‘Shaktimaan’ is angry with the Ministry of Information and Broadcasting, because it isn’t releasing sufficient funds to help him make and promote films for children.
Veteran actor Mukesh Khanna, who played the desi superhero on television, was appointed the chairperson of the Children’s Film Society of India in 2015 but has quit just months before his term ends. He says he has no wish to continue because of the complete “lack of support and interest” shown by the ministry for children’s films.
Khanna told ThePrint that he demanded funds from the ministry to ensure that good children films were made for theatrical release, instead of a limited audience at film festivals. However, the ministry did not respond, and he sent in his resignation “under protest”. Khanna’s term was due to end in April 2018.

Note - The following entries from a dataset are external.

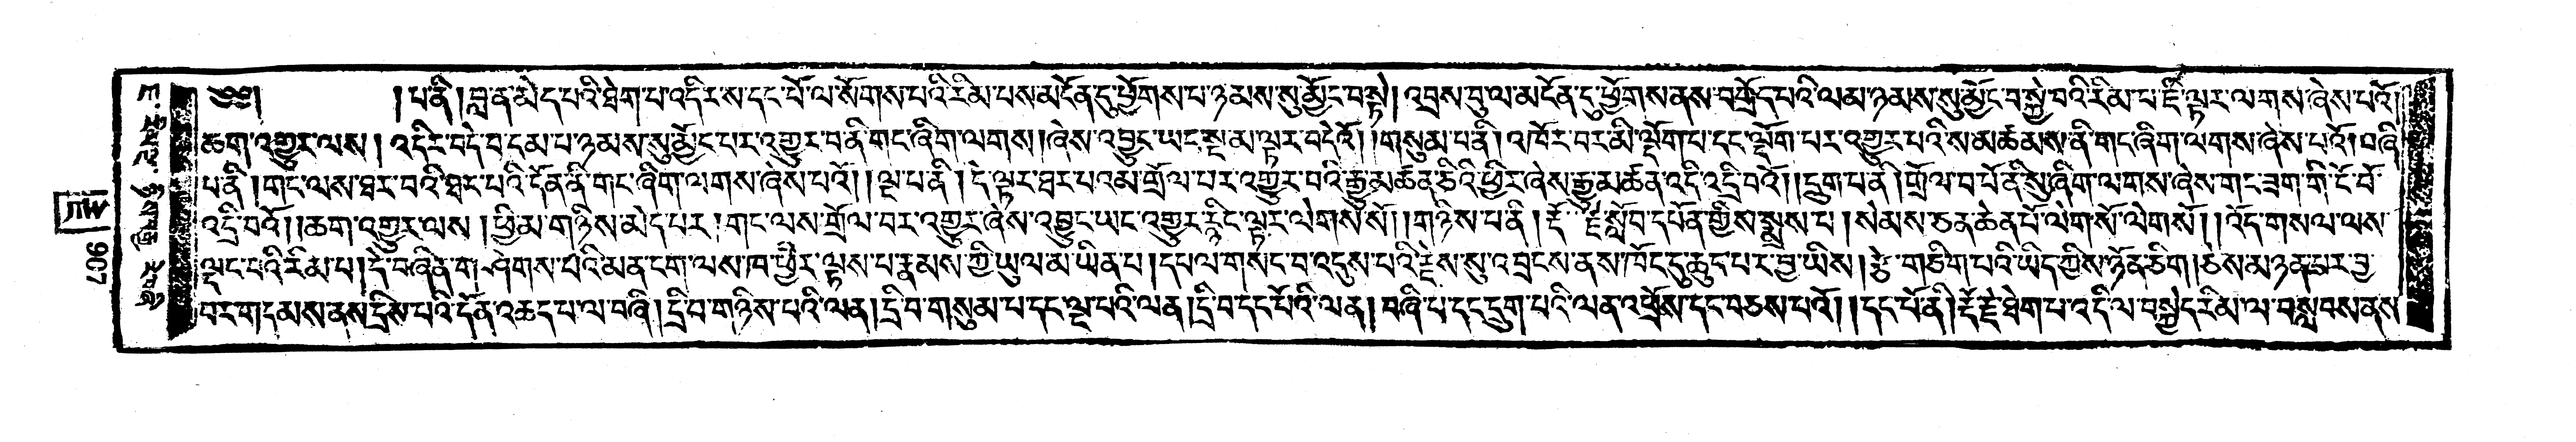༄༅། །པ་ནི། བླ་ན་མེད་པའི་ཐེག་པ་འདིར་ས་དང་པོ་ལ་སོགས་པའི་རིམ་པས་མངོན་དུ་ཕྱོགས་པ་ཉམས་སུ་མྱོང་བ་སྟེ། འབྲས་བུ་ལ་མངོན་དུ་ཕྱོགས་ནས་བགྲོད་པའི་ལམ་ཉམས་སུ་མྱོང་བ་སྐྱེ་བའི་རིམ་པ་ཇི་ལྟར་ལགས་ཞེས་པའོ།
ཆག་འགྱུར་ལས། འདིར་བདེ་བ་དམ་པ་ཉམས་སུ་མྱོང་པར་འགྱུར་བ་ནི་གང་ཞིག་ལགས། ཞེས་འབྱུང་ཡང་སྔ་མ་ལྟར་བདེའོ། །གསུམ་པ་ནི། འཁོར་བར་མི་ལྡོག་པ་དང་ལྡོག་པར་འགྱུར་པའི་ས་མཚམས་ནི་གང་ཞིག་ལགས་ཞེས་པའོ། །བཞི་
པ་ནི། གང་ལས་ཐར་བའི་ཐར་པའི་དོན་ནི་གང་ཞིག་ལགས་ཞེས་པའོ། །ལྔ་པ་ནི། དེ་ལྟར་ཐར་པའམ་གྲོལ་པར་འགྱུར་བའི་རྒྱུ་མཚན་ཅིའི་ཕྱིར་ཞེས་རྒྱུ་མཚན་འདི་འདྲི་བའོ། །དྲུག་པ་ནི། གྲོལ་བ་པོ་ནི་སུ་ཞིག་ལགས་ཞེས་གང་ཟག་གི་ངོ་པོ་
འདྲི་བའོ། །ཆག་འགྱུར་ལས། ཕྱི་མ་གཉིས་མེད་པར། གང་ལས་གྲོལ་བར་འགྱུར་ཞེས་འབྱུང་ཡང་འགྱུར་རྙིང་ལྟར་ལེགས་སོ། །གཉིས་པ་ནི། རྡོ་རྗེ་སློབ་དཔོན་གྱིས་སྨྲས་པ། སེམས་ཅན་ཆེན་པོ་ལེགས་སོ་ལེགས་སོ། །འོད་གསལ་ལས་
ལྡང་བའི་རིམ་པ། དེ་བཞིན་གཤེགས་པའི་མན་ངག་ལས་ཁ་ཕྱིར་ལྟས་པ་རྣམས་ཀྱི་ཡུལ་མ་ཡིན་པ། དཔལ་གསང་བ་འདུས་པའི་རྗེས་སུ་འབྲངས་ནས་ཁོང་དུ་ཆུད་པར་བྱ་ཡིས། རྩེ་གཅིག་པའི་ཡིད་ཀྱིས་ཉོན་ཅིག །ཅེས་མཉན་པར་བྱ་
བར་གདམས་ནས་དྲིས་པའི་དོན་འཆད་པ་ལ་བཞི། དྲི་བ་གཉིས་པའི་ལན། དྲི་བ་གསུམ་པ་དང་ལྔ་པའི་ལན། དྲི་བ་དང་པོའི་ལན། བཞི་པ་དང་དྲུག་པའི་ལན་འཕྲོས་དང་བཅས་པའོ། །དང་པོ་ནི། རྡོ་རྗེ་ཐེག་པ་འདི་ལ་བསྐྱེད་རིམ་ལ་བསླབས་ནས་

“I am passionate about the work I do. All I wanted was to give good content to children that are also commercially viable and is for a larger audience. But with such a shortage of funds, how will the good projects be promoted?” Khanna asked.
Not serving its purpose:
The CFSI was started in 1955, aimed at promoting films that provide “healthy and wholesome entertainment for children”, to broaden their perspective and encourage them to reflect on the world around. However, most films made by the division are showcased only at film festivals.
“Till now, the majority of children’s films made by the division are not even watched by children; they are only shown at festivals. So what is the point of this division? Today, children watch substandard daily soaps on television, why should not we give them good content?” Khanna asked.
“To get children to watch good content was my aim, but with so many restrictions and lack of enthusiasm by the ministry, I am unable to achieve that. I feel it is better to step down,” he added.
For the last two years, several films have been stuck in the pipeline. There are 12 ‘approved’ projects for which the directors are not being given money to start production, while eight films are complete and awaiting release.
“Seven films are based on sports, which include the first film in India on tennis. One is on hockey, the others on basketball, rugby. Many of them are ready, awaiting release, but are not being promoted. These are all very relevant subjects,” Khanna said.
Among the projects in the pipeline are films by well-known Hindi film personalities Pankaj Parashar and Satish Kaushik.
“The ministry expects us to get several films made on a limited budget of Rs 10 crore, but those films are not of the quality that can be released in theatres. One can get films made solely for the purpose of showing them at festivals, but that defeats the purpose of why this division was created. I can get 10 films made in Rs 10 Crore, but they will not be up to the mark, as a good film requires a capital of at least Rs 2 crore,” Khanna added.
Khanna is even said to have met finance minister Arun Jaitley and Vice-President Venkaiah Naidu when they were handling the I&B portfolio to discuss the issue, but it was not resolved.